Every entry must be given again exactly. Include no pictures.

Stored data entries:
--- --- ---
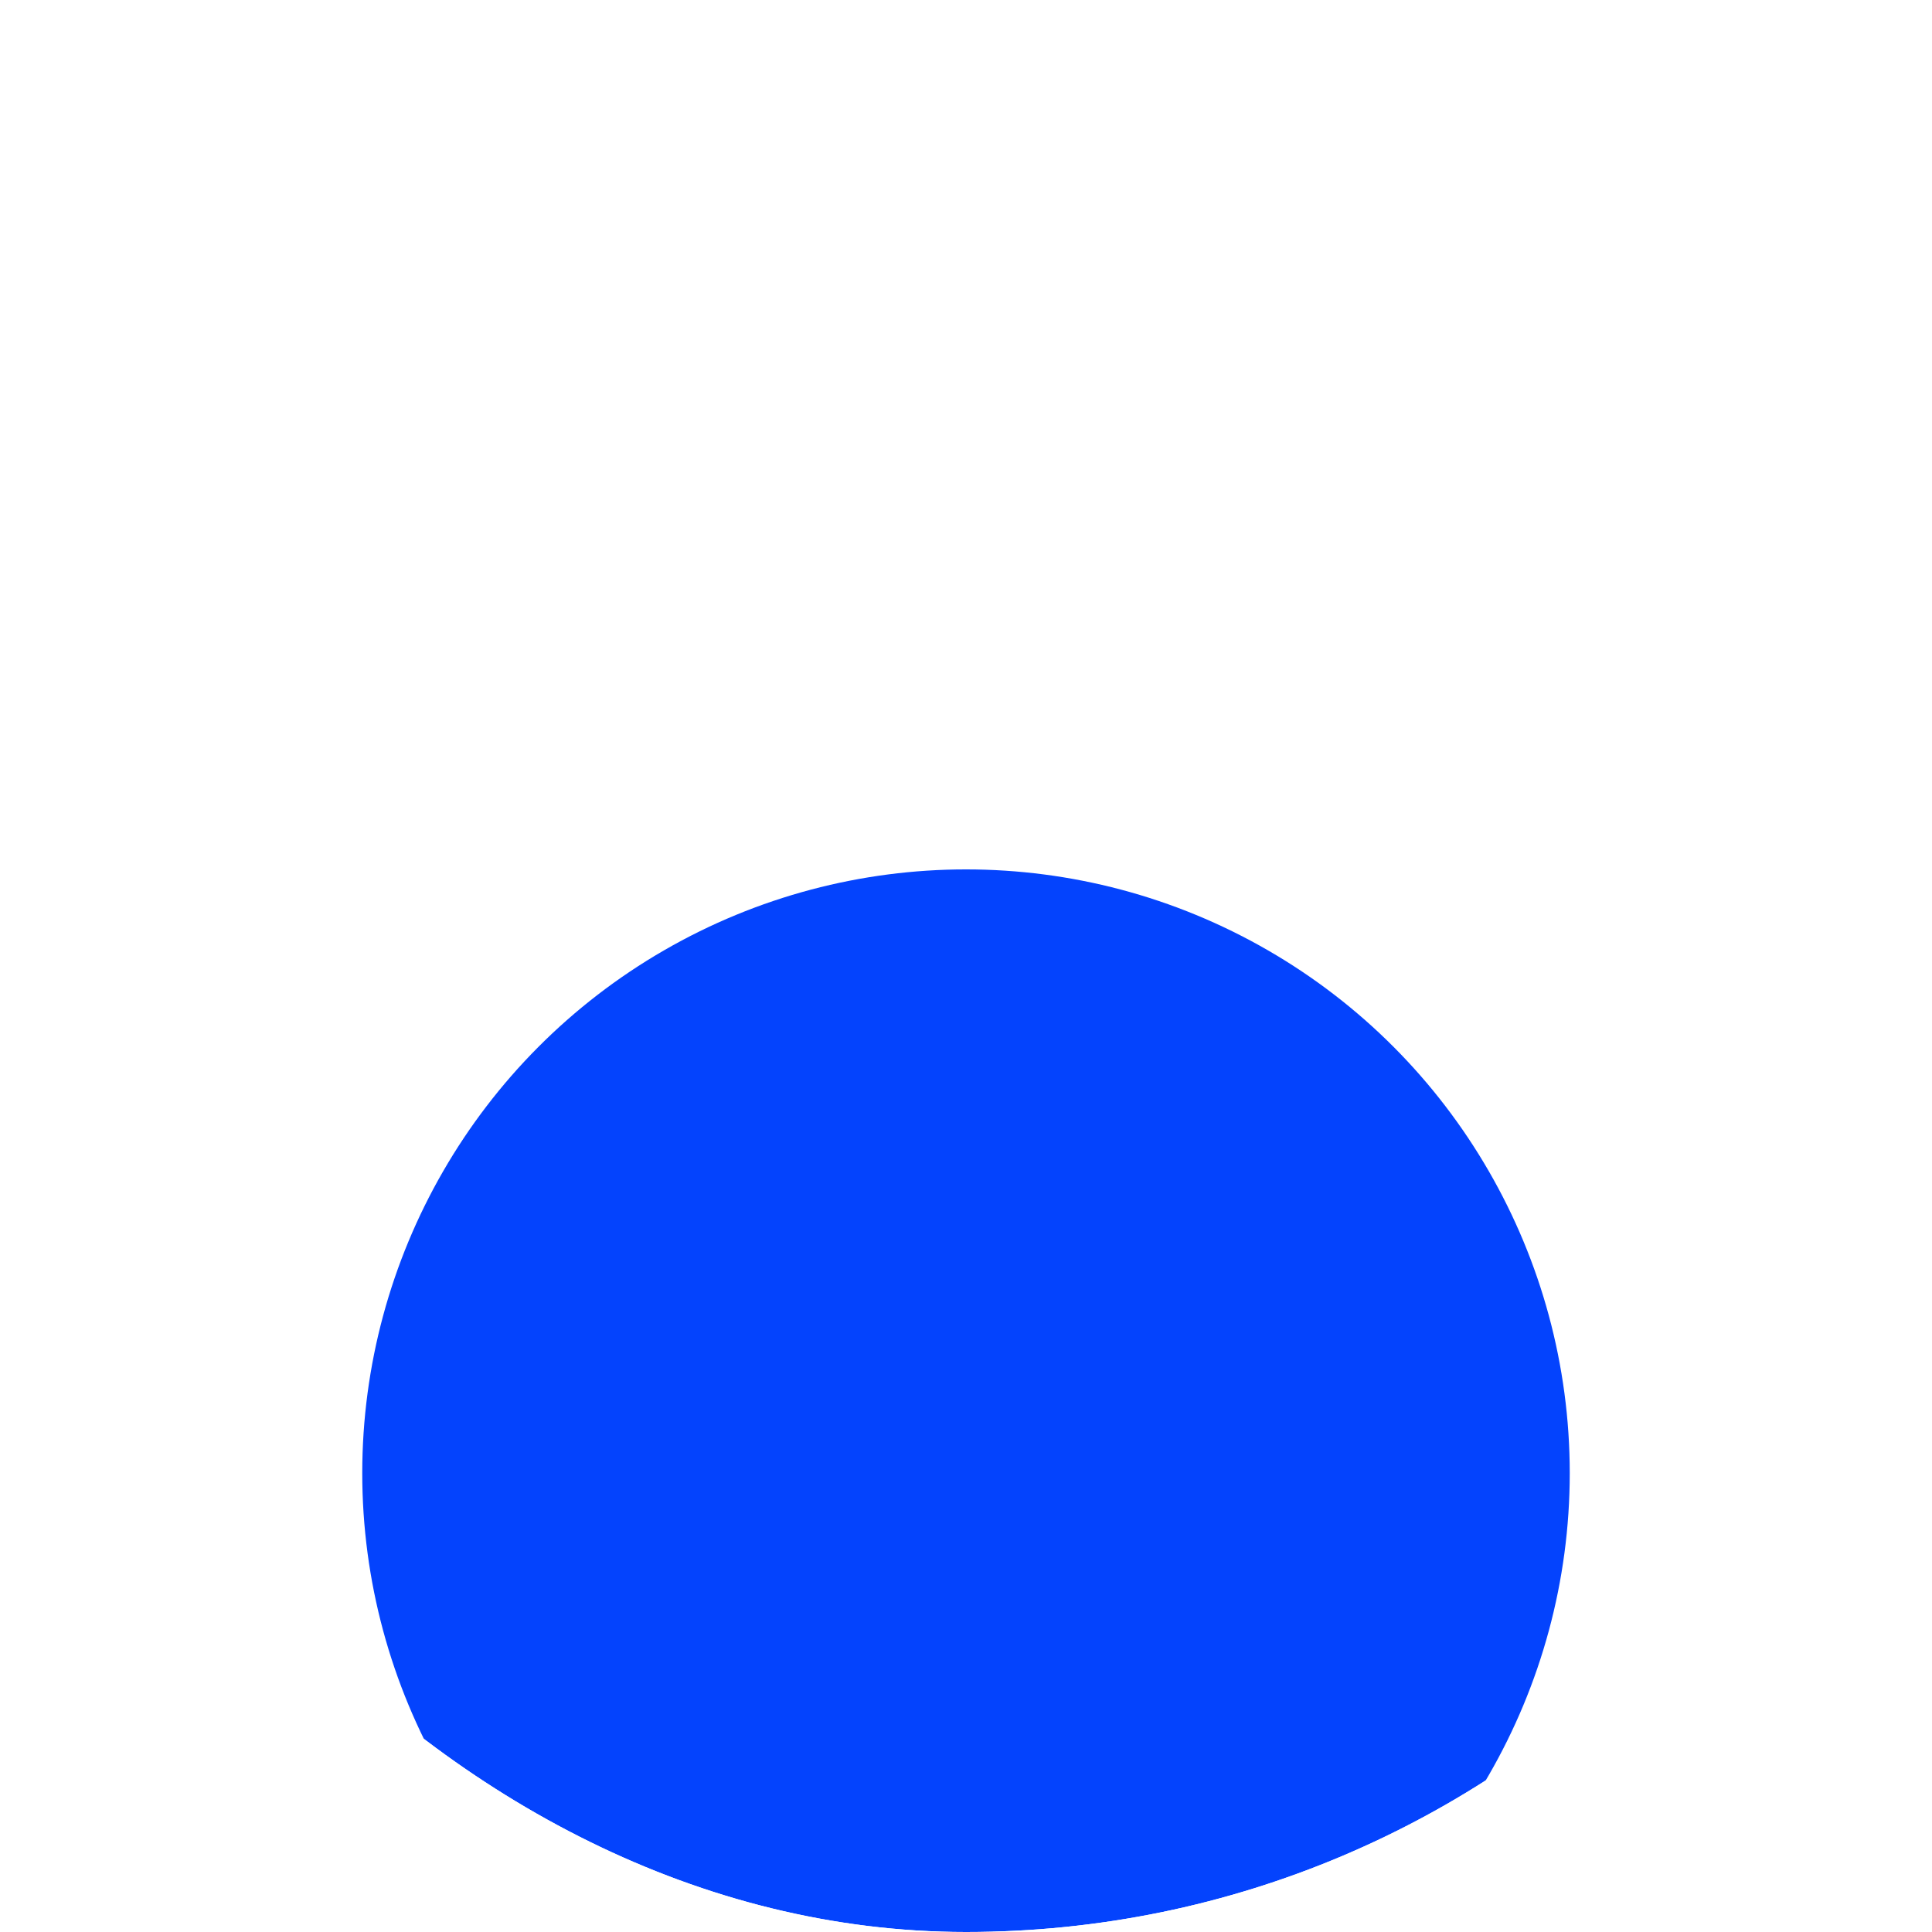 <svg width="80" height="80" viewBox="0 0 80 80" fill="none" xmlns="http://www.w3.org/2000/svg">
<g clip-path="url(#clip0_346_5443)">
<rect width="80" height="80" rx="40" fill="white" fill-opacity="0.1"/>
<g filter="url(#filter1_f_346_5443)">
<circle cx="40" cy="61" r="25" fill="#0443FD"/>
</g>
</g>
<defs>
<filter id="filter1_f_346_5443" x="-17" y="4" width="114" height="114" filterUnits="userSpaceOnUse" color-interpolation-filters="sRGB">
<feFlood flood-opacity="0" result="BackgroundImageFix"/>
<feBlend mode="normal" in="SourceGraphic" in2="BackgroundImageFix" result="shape"/>
<feGaussianBlur stdDeviation="16" result="effect1_foregroundBlur_346_5443"/>
</filter>
<clipPath id="clip0_346_5443">
<rect width="80" height="80" rx="40" fill="white"/>
</clipPath>
</defs>
</svg>
--- --- ---
### Solution below
 <svg width="80" height="80" viewBox="0 0 80 80" fill="none" xmlns="http://www.w3.org/2000/svg">
<g clip-path="url(#clip0_346_5443)">
<rect width="80" height="80" rx="40" fill="white" fill-opacity="0.1"/>
<g filter="url(#filter1_f_346_5443)">
<circle cx="40" cy="61" r="25" fill="#0443FD"/>
</g>
</g>
<defs>
<filter id="filter1_f_346_5443" x="-17" y="4" width="114" height="114" filterUnits="userSpaceOnUse" color-interpolation-filters="sRGB">
<feFlood flood-opacity="0" result="BackgroundImageFix"/>
<feBlend mode="normal" in="SourceGraphic" in2="BackgroundImageFix" result="shape"/>
<feGaussianBlur stdDeviation="16" result="effect1_foregroundBlur_346_5443"/>
</filter>
<clipPath id="clip0_346_5443">
<rect width="80" height="80" rx="40" fill="white"/>
</clipPath>
</defs>
</svg>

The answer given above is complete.